Bug 35100 - URL-parsing does not work for www.altavista.com
Summary: URL-parsing does not work for www.altavista.com
Status: RESOLVED DUPLICATE of bug 42592
Alias: None
Product: Apache httpd-2
Classification: Unclassified
Component: mod_proxy (show other bugs)
Version: 2.0.54
Hardware: PC Linux
: P2 normal (vote)
Target Milestone: ---
Assignee: Apache HTTPD Bugs Mailing List
URL:
Keywords:
Depends on:
Blocks:
 
Reported: 2005-05-27 10:59 UTC by Bjoern Voigt
Modified: 2007-10-08 16:23 UTC (History)
0 users



Attachments

Note You need to log in before you can comment on or make changes to this bug.
Description Bjoern Voigt 2005-05-27 10:59:20 UTC
It's not possible to use the relatively popular search engine

   http://www.altavista.com/

with apache2's mod_proxy* modules.

You can easily see the problem, if you

  a) type a search word into the search field in 
     http://www.altavista.com/

  b) click on of the links in this page

The main problem is, that apache-mod_proxy does some URL re-encodings. After
this re-encodings the original URL path component differs from the encoded form.
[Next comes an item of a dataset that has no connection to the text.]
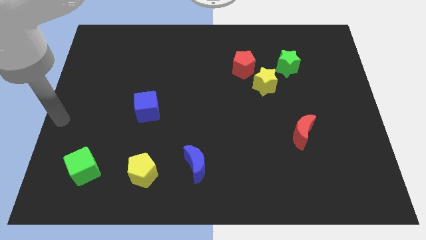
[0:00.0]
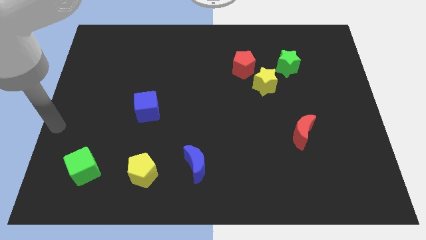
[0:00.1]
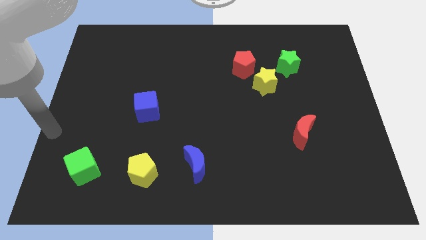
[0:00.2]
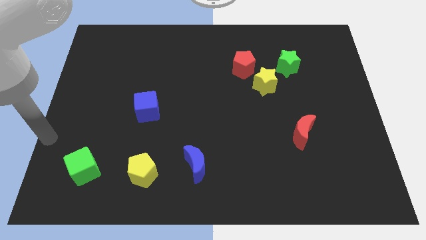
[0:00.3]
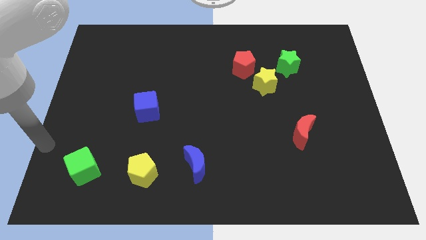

An example. There is an example link from http://de.altavista.com/ (I
changed it a little bit, because I do not know, if the URL contains
private infos)
  
http://av.rds.yahoo.com/_ylt=A9ibyDZZCEq4AklmSLaMX;_ylu=X3oDBvNjNnZmYzBHBndANhdl93ZWJfaG9tZQRzZWMDdGFicw--/SIG=11nr22kc/EXP=111216420/**http%3a//de.altavista.com/dir/default

apache-mod_proxy transforms it to (sniffed with ethereal):

   GET
/_ylt=A9ibyDZZCEq4AklmSLaMX;_ylu=X3oDBvNjNnZmYzBHBndANhdl93ZWJfaG9tZQRzZWMDdGFicw--/SIG=11nr22kc/EXP=111216420/**http://de.altavista.com/dir/default
   HTTP/1.1

Do you see the difference? "http%3a//" is transformed to "http://". 

The offline browser wwwoffle has the same problem. I wrote a patch for wwwoffle,
which makes saves "%3a" in URL pathes, instead of rewriting it to the colon (":"). 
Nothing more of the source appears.